The reason for this division of labor? The real work is executed by the mission processes, which are short-lived. By offloading the work to such processes, the potential for degrading performance and a plugin’s execution raising an exception and killing me off is greatly reduced.

It’s easier to write 200 lines of bug-free code than 3000. The 200 LOC (my lifeline) keeps the rest alive.

How much memory do you use?

I typically use between 15-20 MB of memory.

Can you tell me a bit about how you actually run the plugins configured in the web interface?

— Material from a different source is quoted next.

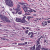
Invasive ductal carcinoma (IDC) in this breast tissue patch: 1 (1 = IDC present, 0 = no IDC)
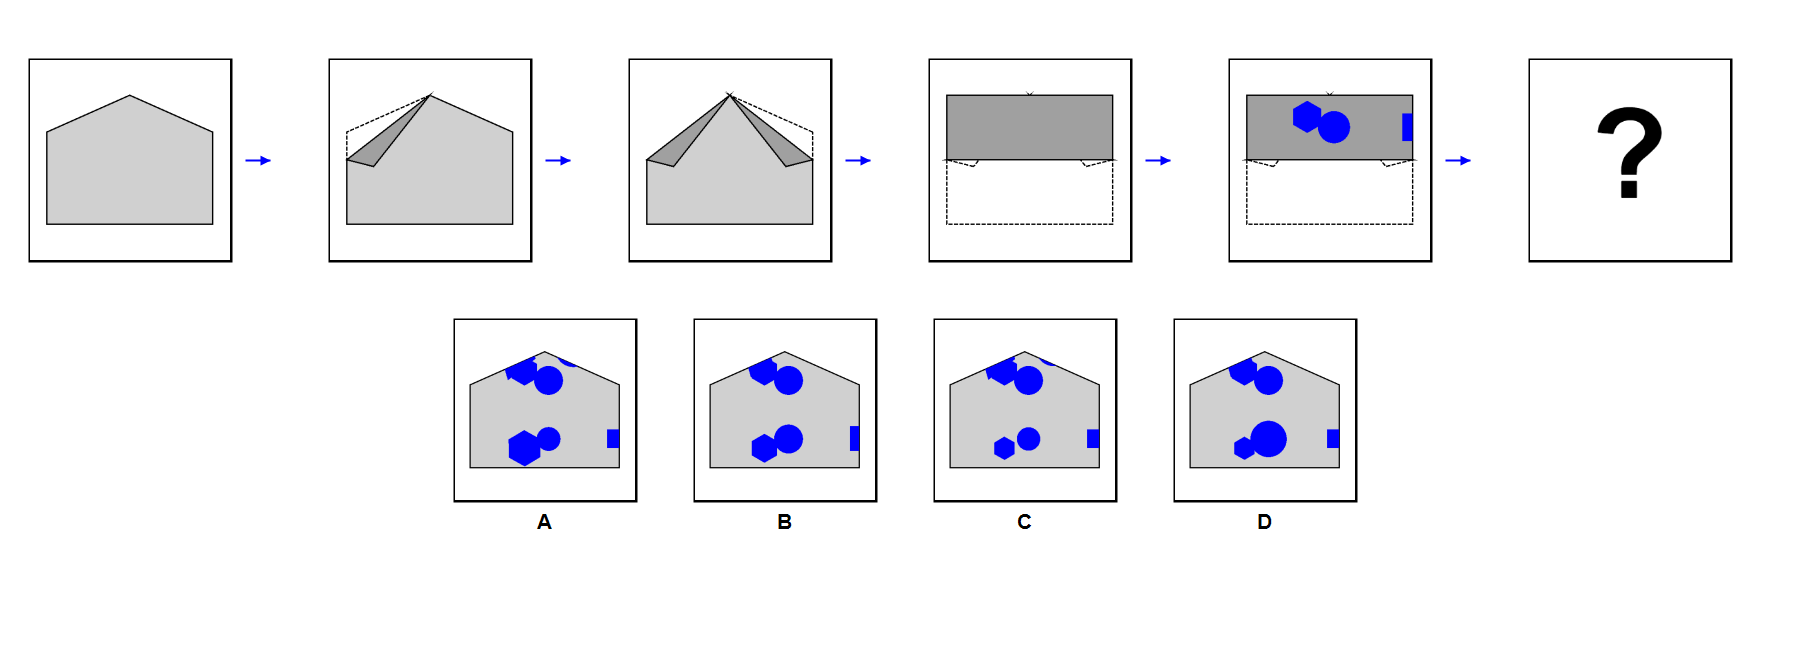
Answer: B

Every 3 minutes, I wake up and contact the Scout server and grab the plugins I’m supposed to run. I then run each plugin and report the data back to the server.

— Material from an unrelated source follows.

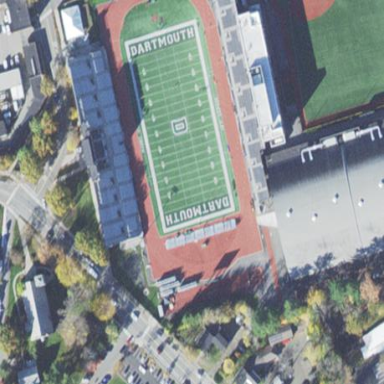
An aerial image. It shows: American football pitch with artificial turf surface for leisure land.

Security-wise, how do you ensure that only the Scout server is sending plugins?

I validate the SSL certificate of the Scout server. I won’t send any data to or take any data from a source that fails this validation. This prevents a man-in-the-middle attack.

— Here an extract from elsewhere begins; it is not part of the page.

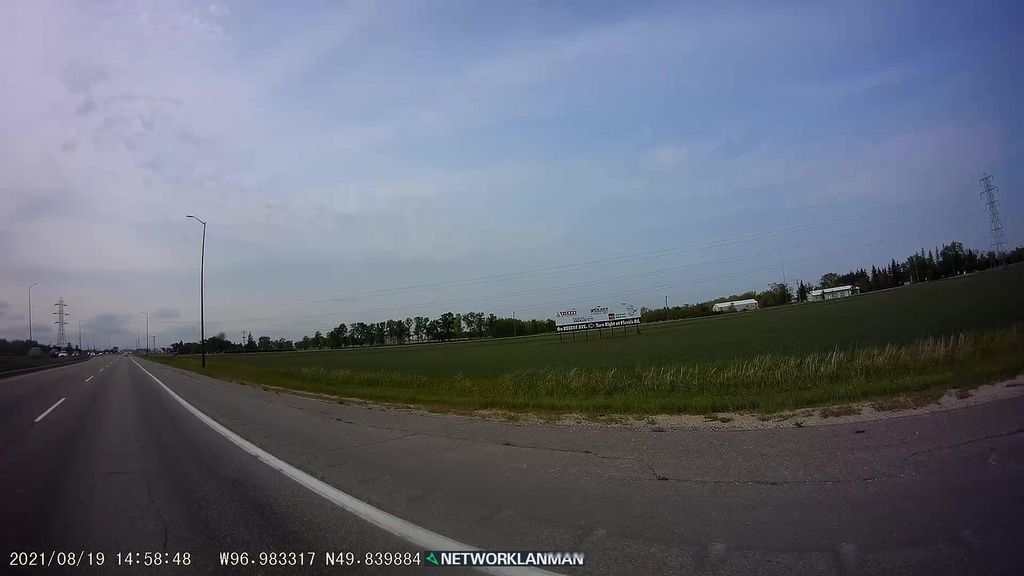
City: winnipeg

What if someone maliciously updates the code for a plugin?

The server caches the plugin code when you install the plugin. The code isn’t updated unless you choose to do so. Most plugins have just a few lines of code – usually less than 50 – so it’s easy to do a review. All of the plugins listed in Scout’s plugin directory are also maintained exclusively by the Scout team.

What user does the agent run as? root?

The agent doesn’t run plugins as the root user – by default, it uses the daemon user. You can change the user in the /etc/scout_agent.rb file.

What if things aren’t working as expected? Do you have a log file?

Yes – I record every plugin run in my log file, which is typically located in /var/log/scout_agent/scout_agent.log.

How can I get a closer look at you?

I’m open source and available on GitHub.

Also See

Get notified of new posts.

Once a month, we'll deliver a finely-curated selection of optimization tips to your inbox.

Comments

  1. Jesse Newland said about 2 hours later:

    Why hello, scout_agent! I really quite fancy the fork()/exit() strategy for preventing memory leaks! Thanks for the hint.

  2. aleco said about 2 hours later:

    While the scout_agent structure feels pretty clean now, its total memory usage (30-40MB for lifeline+ master+3 plugins together were pretty common) forced me to disable it on my 256MB VPS a few days ago. I guess I’ll have to replace it with a plain old cronjob which checks load and mem usage, as the concept of running such tasks in a ruby environment is simply a waste of RAM which you shoud use for an increased innodb-buffer or another mongrel/passenger instance instead (at least on servers with < 512 MB).

  3. Derek (Scout) said about 3 hours later:

    Aleco,

    If you’re using ps to look at the memory usage, Scout look a lot worse than it is. Here’s a great article about why that is, if you want to read more:

    http://wiki.marandcustomsolutions.com/space/Linux/Understanding+memory+usage

    The issues brought up there apply doubly so to the agent, since all agent processes are forked off of a common startup sequence (so they share a lot). In fact, a forked process itself is done as a “copy-on-write” entry in the process table where only new memory needs to be updated.

    Given all of that, the agent’s memory is significantly lower than something like ps will show.

  4. Kenneth Kalmer said about 4 hours later:

    Awesome way of doing this, will definitely be highlighting this to the daemon-kit users.